Brunswick Beacon, 10.10.24
Brunswick County is represented in NC’s Senate by Bill Rabon (District 8) and in NC’s House by Frank Iler (District 17) and Charles Miller (District 19). All are Republicans with much to answer for, according to explosive revelations in “How the North Carolina Legislature Left Homes Vulnerable to Helene,” New York Times, 10/3/24.
Area residents were already upset because Republican officials consistently favor developers who fund their campaigns, allowing overdevelopment to threaten what makes Brunswick County special. The destruction of homes and loss of life from three “thousand-year storms” in nine years demonstrates that the actions of these Republican legislators made the damage worse.
Efforts to weaken NC building standards accelerated in 2010, when Republicans took control of both houses of NC’s General Assembly. They rejected limits on steep slope construction, which could have reduced the number of homes lost to landslides; blocked a requirement that homes be built above the height of expected flooding; weakened wetland protections, increasing the risk of dangerous storm water runoff; and slowed adoption of updated building codes, making it harder for NC to qualify for federal climate-resilience grants.

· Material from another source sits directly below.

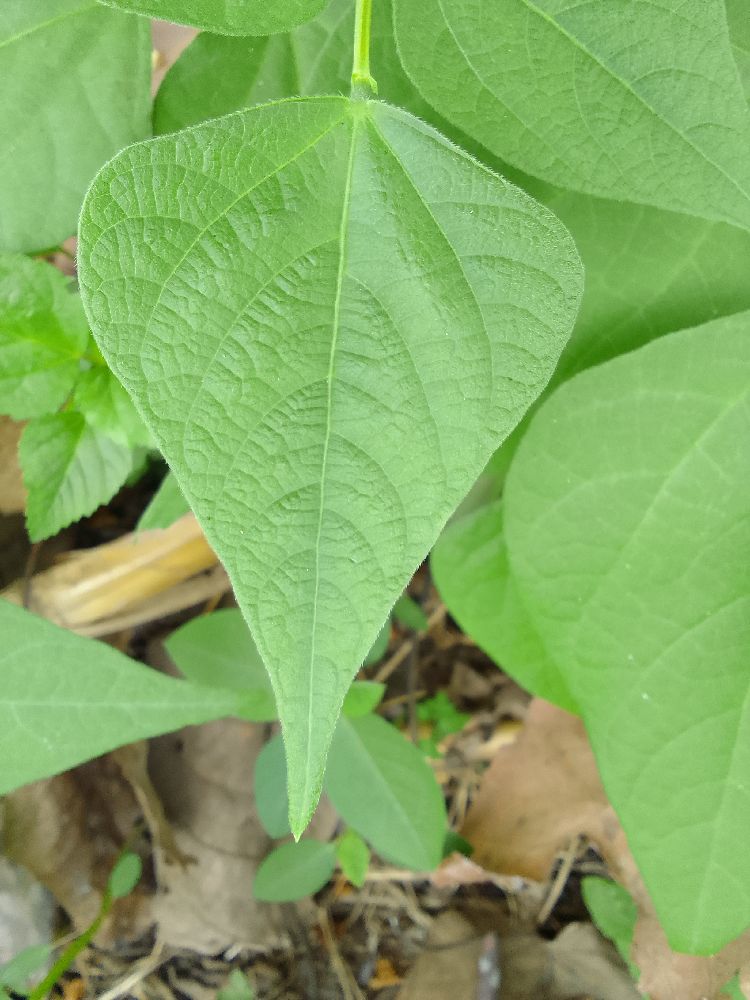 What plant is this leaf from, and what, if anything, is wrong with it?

common bean, healthy

The NC home building industry has systematically opposed rules requiring that homes be built to higher standards, according to Kim Wooten, an engineer who serves on the North Carolina Building Code Council, the group that sets home building requirements for NC.
“The home builders association has fought every bill that has come before the General Assembly to try to improve life safety,” said Wooten, whose company, Facilities Strategies Group, specializes in building engineering. Wooten says many Republican lawmakers are themselves home builders or have received campaign contributions from the industry, and “vote for bills that line their pocketbooks and make home building cheaper.”
We can protect ourselves and Brunswick County from developers and their Republican enablers by electing Democrats Katherine Randall (Senate, District 8), Charles Jones (House, District 17) and Jill Brown (House, District 19).